**What this task involves:**
Instruction for the entries that follow: retype exactly the lines from the line with "Please format your" to the line with "Identify poles in the frame below.", both included, and omit all others.

══ Data provided

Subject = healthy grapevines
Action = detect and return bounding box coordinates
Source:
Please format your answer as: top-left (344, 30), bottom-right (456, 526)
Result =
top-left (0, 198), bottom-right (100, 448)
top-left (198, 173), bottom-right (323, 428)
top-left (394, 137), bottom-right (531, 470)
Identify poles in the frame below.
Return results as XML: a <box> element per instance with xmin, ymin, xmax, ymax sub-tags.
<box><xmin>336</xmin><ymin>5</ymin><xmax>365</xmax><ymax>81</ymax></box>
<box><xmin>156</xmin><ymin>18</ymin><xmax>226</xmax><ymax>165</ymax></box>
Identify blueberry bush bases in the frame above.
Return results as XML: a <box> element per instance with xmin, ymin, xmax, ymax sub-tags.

════
══ Data provided

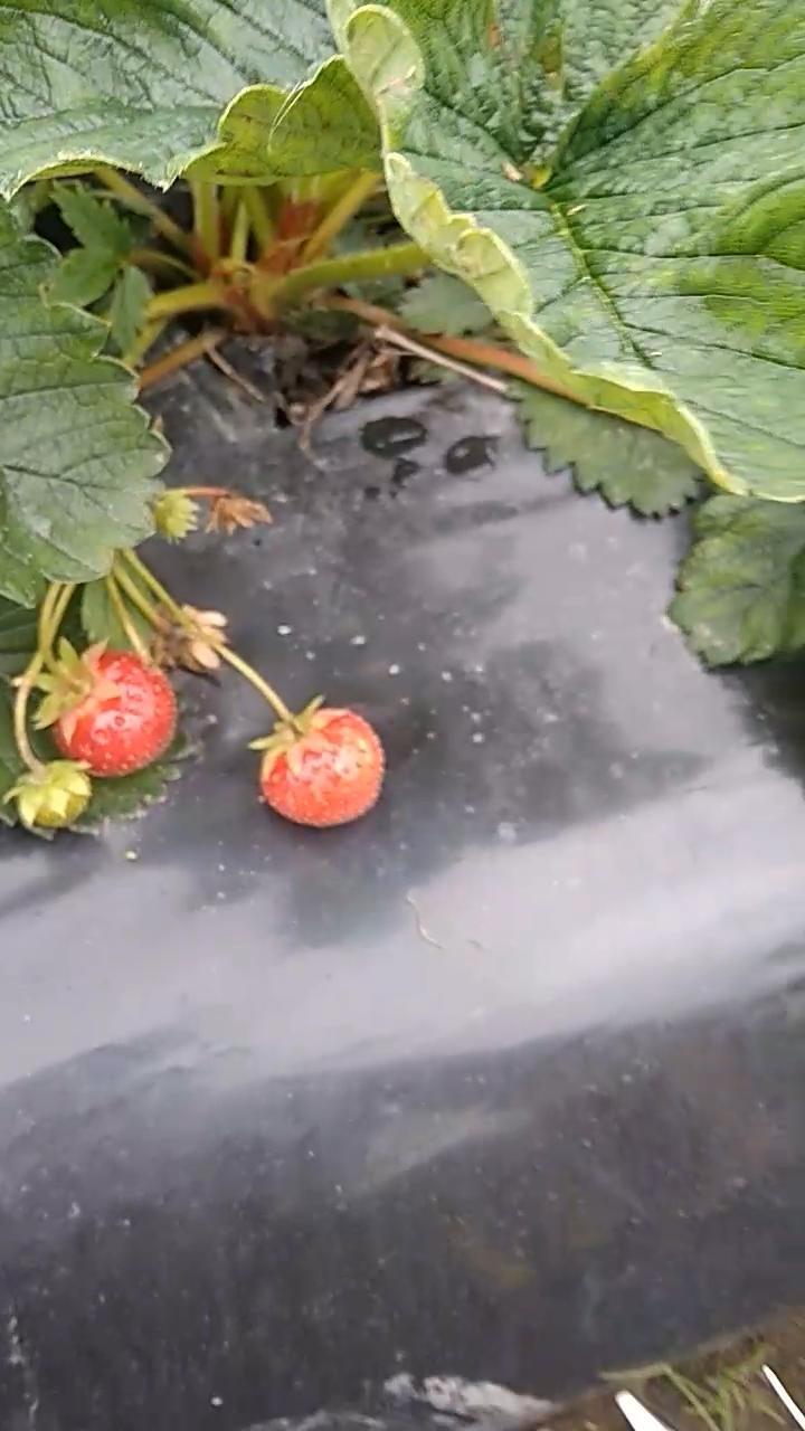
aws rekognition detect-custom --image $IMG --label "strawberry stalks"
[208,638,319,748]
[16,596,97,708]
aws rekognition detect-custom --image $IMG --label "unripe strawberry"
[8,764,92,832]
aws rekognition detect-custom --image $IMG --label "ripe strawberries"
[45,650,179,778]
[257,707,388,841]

════

**The completed task:**
Please format your answer as: top-left (344, 30), bottom-right (456, 526)
Result =
top-left (0, 198), bottom-right (100, 448)
top-left (198, 173), bottom-right (323, 428)
top-left (394, 137), bottom-right (531, 470)
Identify poles in the frame below.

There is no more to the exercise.